What would be the point of that except if packets arrive in incorrect order (which is unlikely but still)? Lost UDP packet is lost forever.
What would be the point of that except if packets arrive in incorrect order (which is unlikely but still)? Lost UDP packet is lost forever.
To identify unusual gaps between packets on the receiving side. Just a thought. Seems like a valuable diagnostic to me.
Useful? Diagnostic: yes (not implemented on either side though) Operations: only if having packet buffer and use packets with latency/delay. But nobody wants latency. There was a "UDP smoothing" PR a while ago that implemented packet buffering.
FYI, I was able to replace my DDP sending WLED with a wired one. The DDP receiver strip is still wireless (/w ext antenna). Performance is much better, while I sometimes saw choppiness on the receiver it was only momentary.
I believe this backs up @guardmedia's research, that it is overflow on the sending side that is causing this behaviour.
So we can close this issue? The base problem will be resolved elsewhere.
I spoke too soon, having the master (DDP sender) wired and receiver wireless, I still am seeing the issue.

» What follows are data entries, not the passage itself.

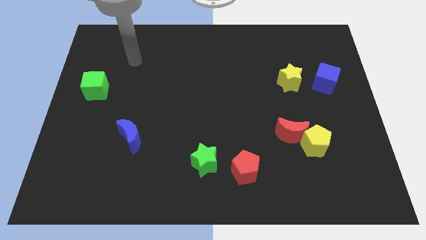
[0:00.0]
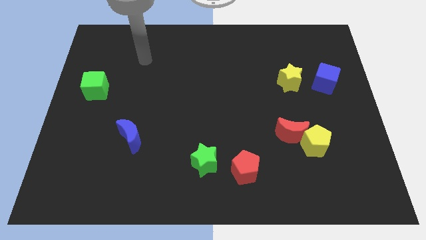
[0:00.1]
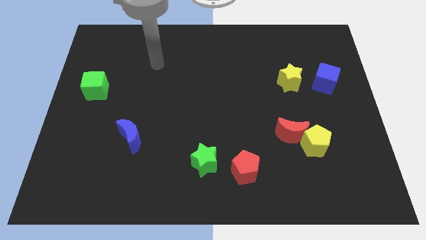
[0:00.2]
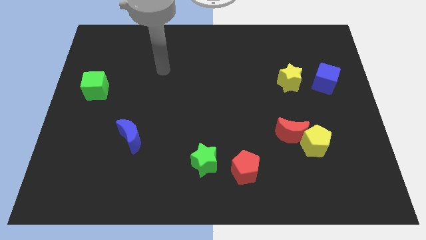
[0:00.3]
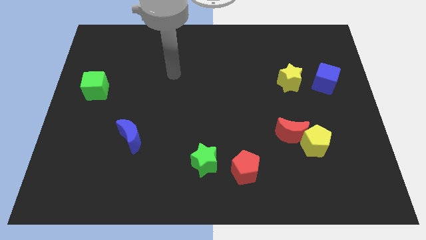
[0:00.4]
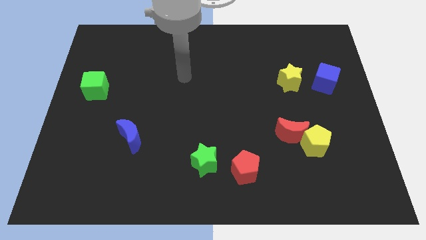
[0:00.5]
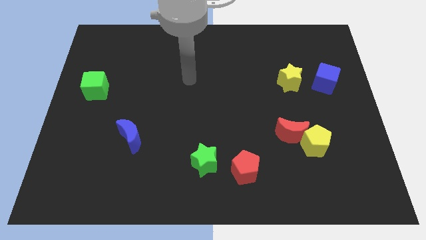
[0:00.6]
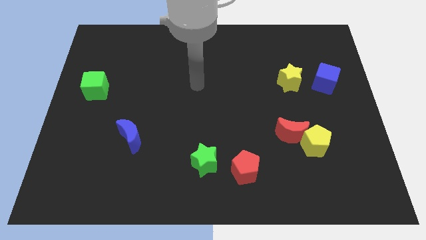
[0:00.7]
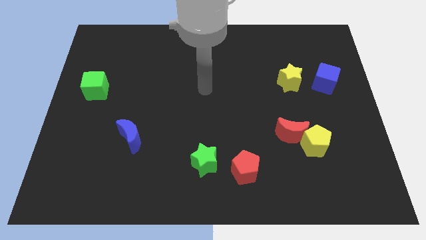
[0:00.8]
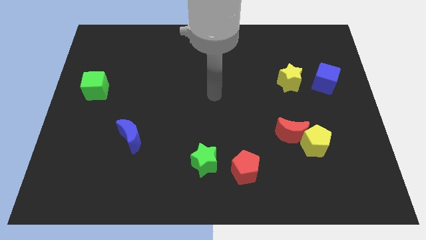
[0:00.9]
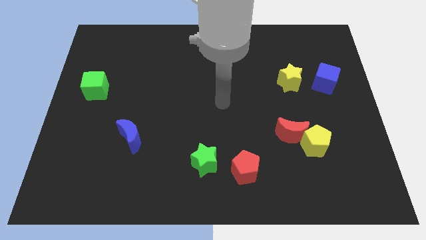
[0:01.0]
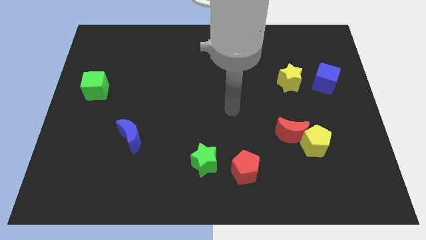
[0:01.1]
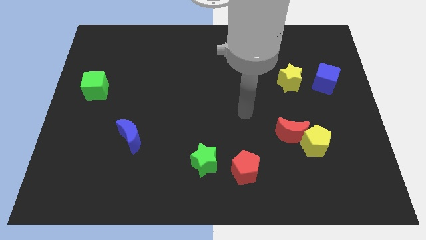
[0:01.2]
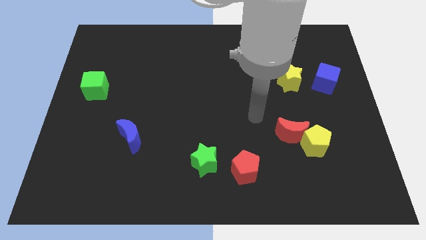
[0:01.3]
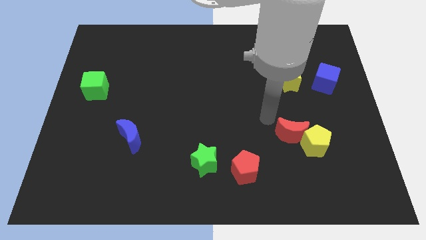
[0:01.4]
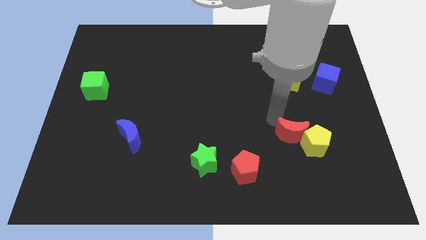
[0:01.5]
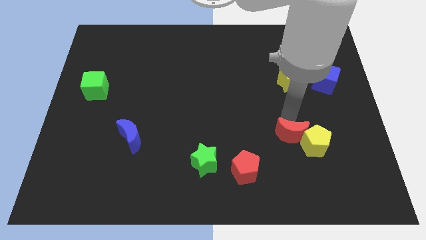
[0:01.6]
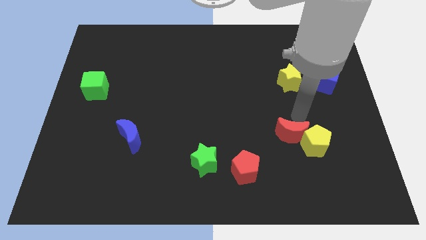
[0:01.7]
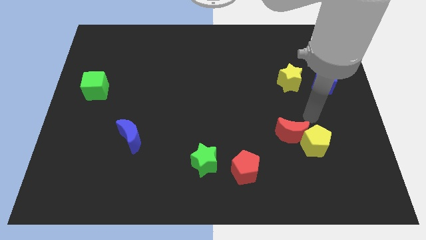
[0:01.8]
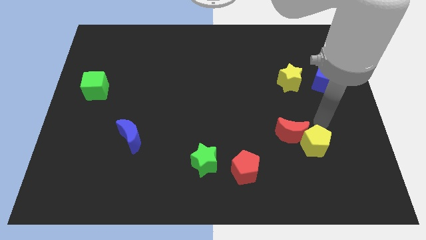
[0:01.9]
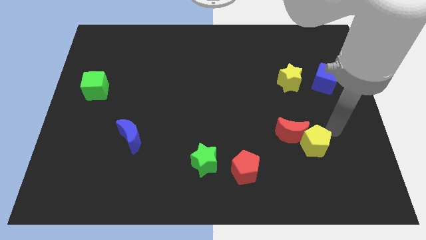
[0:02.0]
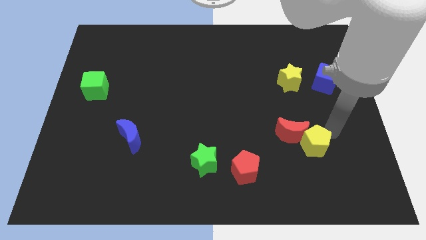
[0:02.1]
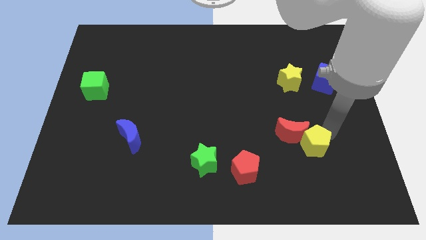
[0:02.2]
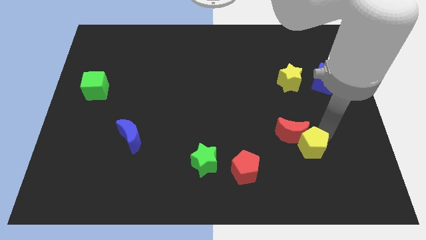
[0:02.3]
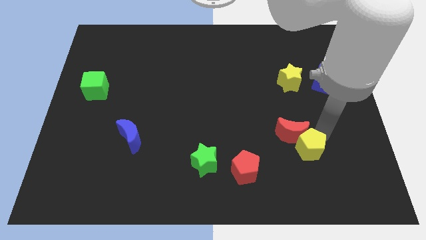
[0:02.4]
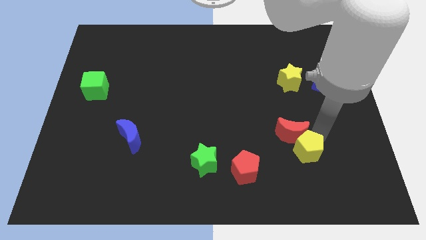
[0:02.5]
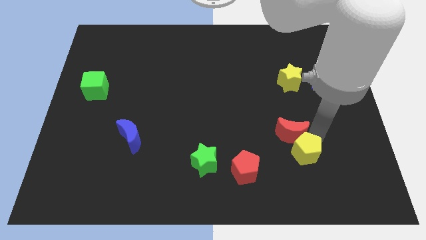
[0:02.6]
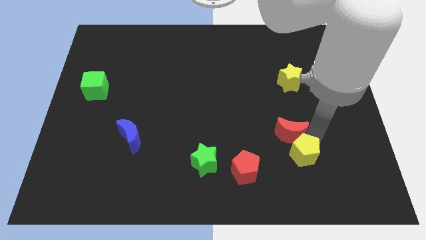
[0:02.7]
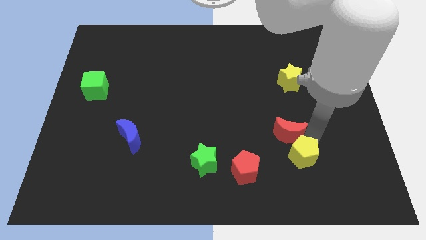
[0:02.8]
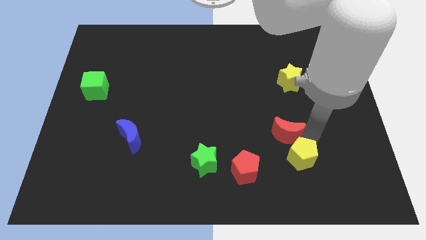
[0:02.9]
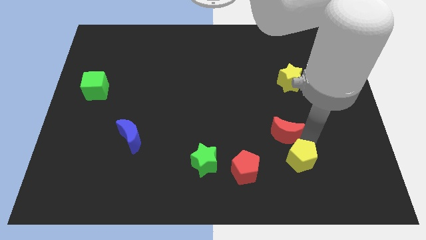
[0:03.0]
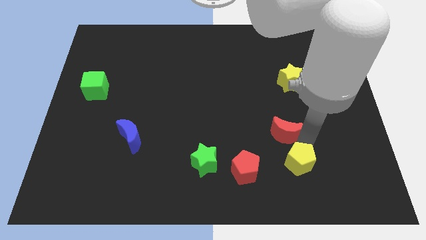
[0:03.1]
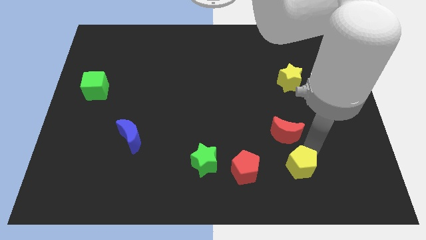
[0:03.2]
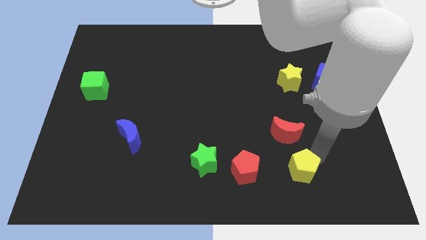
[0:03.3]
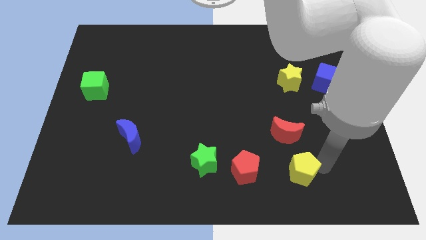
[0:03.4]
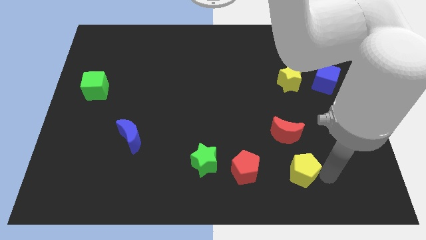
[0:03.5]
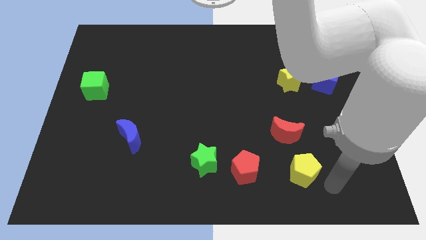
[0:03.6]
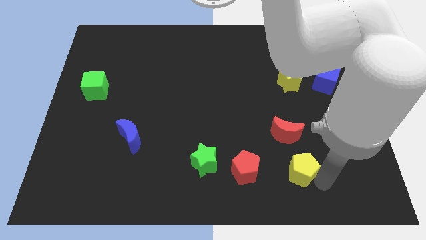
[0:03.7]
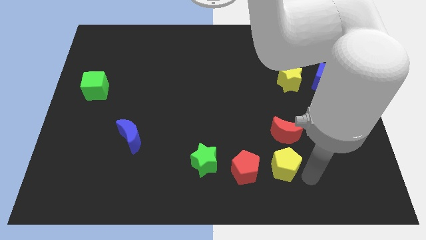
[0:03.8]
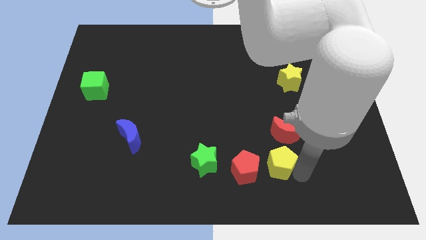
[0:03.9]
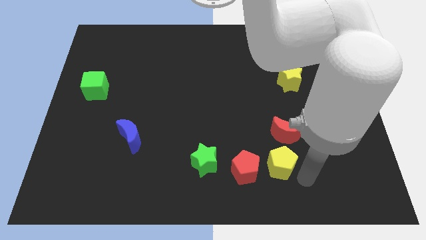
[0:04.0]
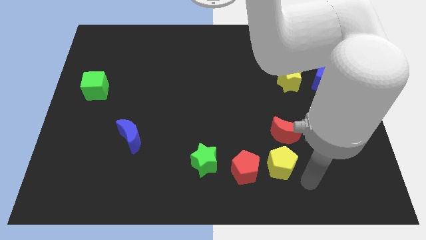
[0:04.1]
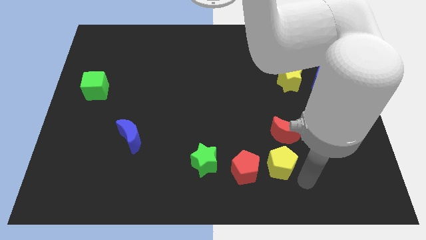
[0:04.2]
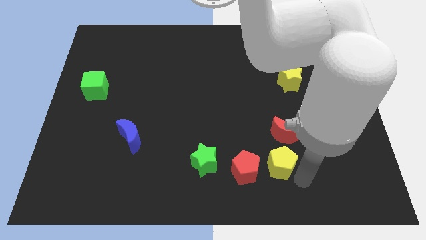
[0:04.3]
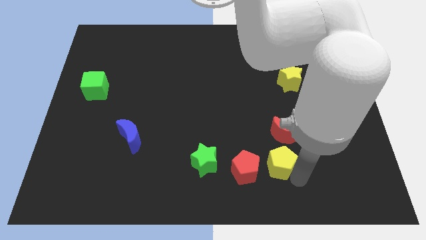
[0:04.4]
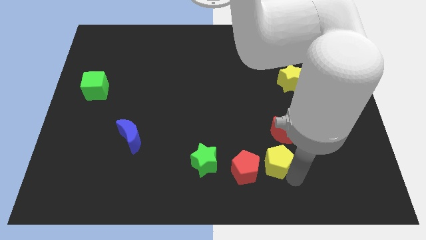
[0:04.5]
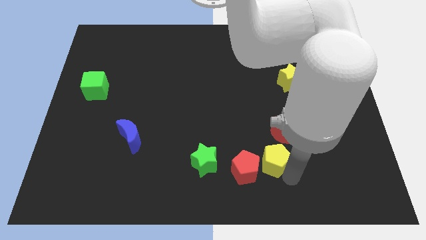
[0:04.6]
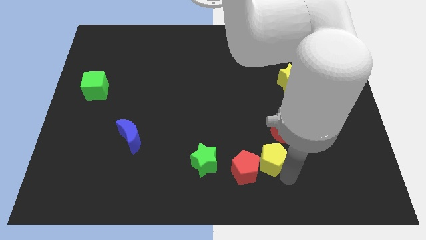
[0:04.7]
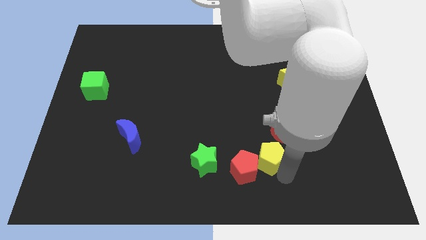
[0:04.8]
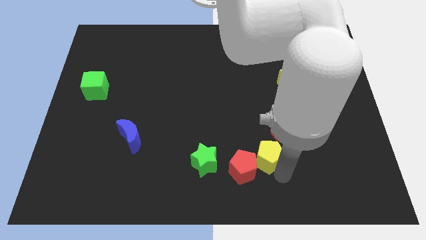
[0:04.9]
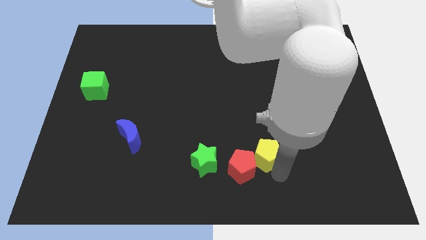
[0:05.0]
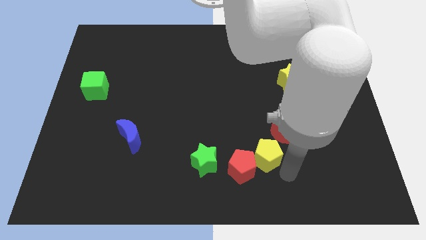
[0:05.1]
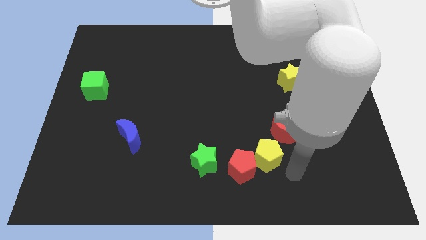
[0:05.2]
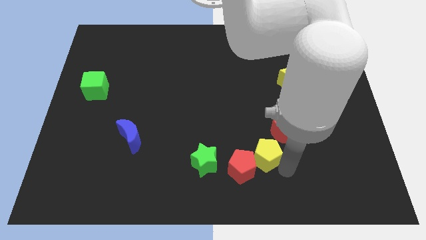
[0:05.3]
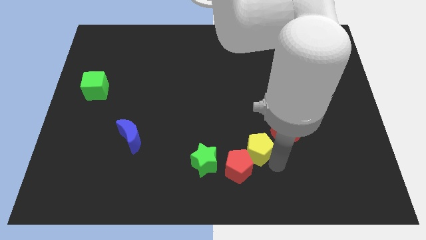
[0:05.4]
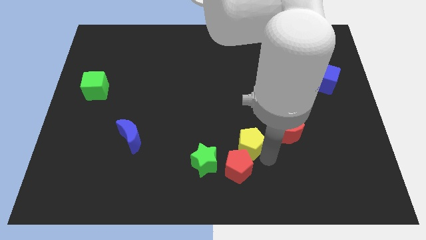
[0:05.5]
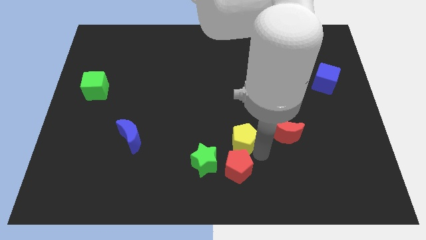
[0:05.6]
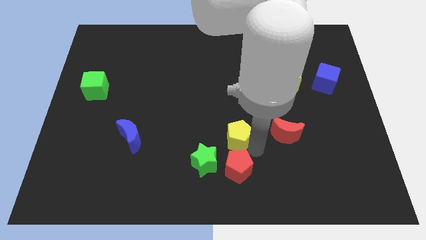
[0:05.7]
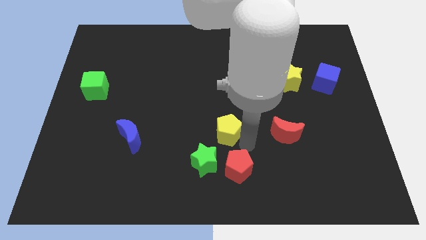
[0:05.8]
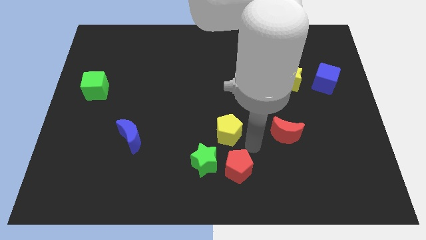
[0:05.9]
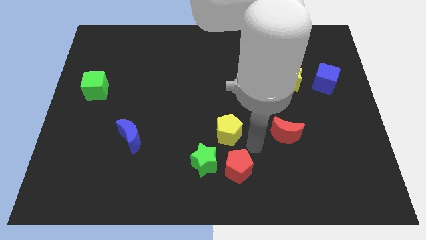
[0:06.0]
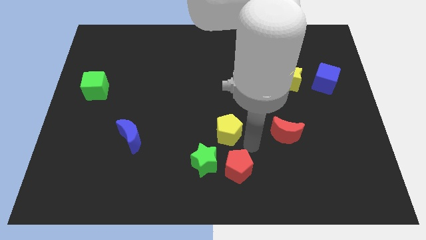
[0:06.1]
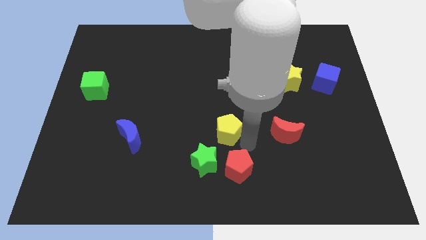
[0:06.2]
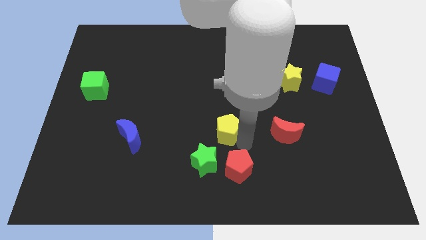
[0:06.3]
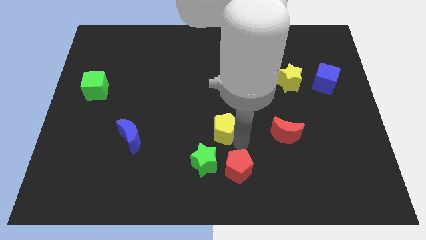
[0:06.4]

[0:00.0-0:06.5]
put the yellow pentagon to the top side of the green star

Close up the issue if it's being dealt with elsewhere. Is there some other issue I can follow to track this? Thanks!
As discussed above this is ESP core issue (TCP stack), not WLED. It may be mitigated in WLED if we find appropriate solution (not the one proposed above ATM).
I seem to have a similar issue while receiving sACN at around every 3 to 5 sec the output freezes for a sec and then continues. But it only happens on v0.13, the v0.12 works well with eth and bit choppy sometimes on wifi, but that could be related to signal.
Hey! This issue has been open for quite some time without any new comments now. It will be closed automatically in a week if no further activity occurs. Thank you for using WLED!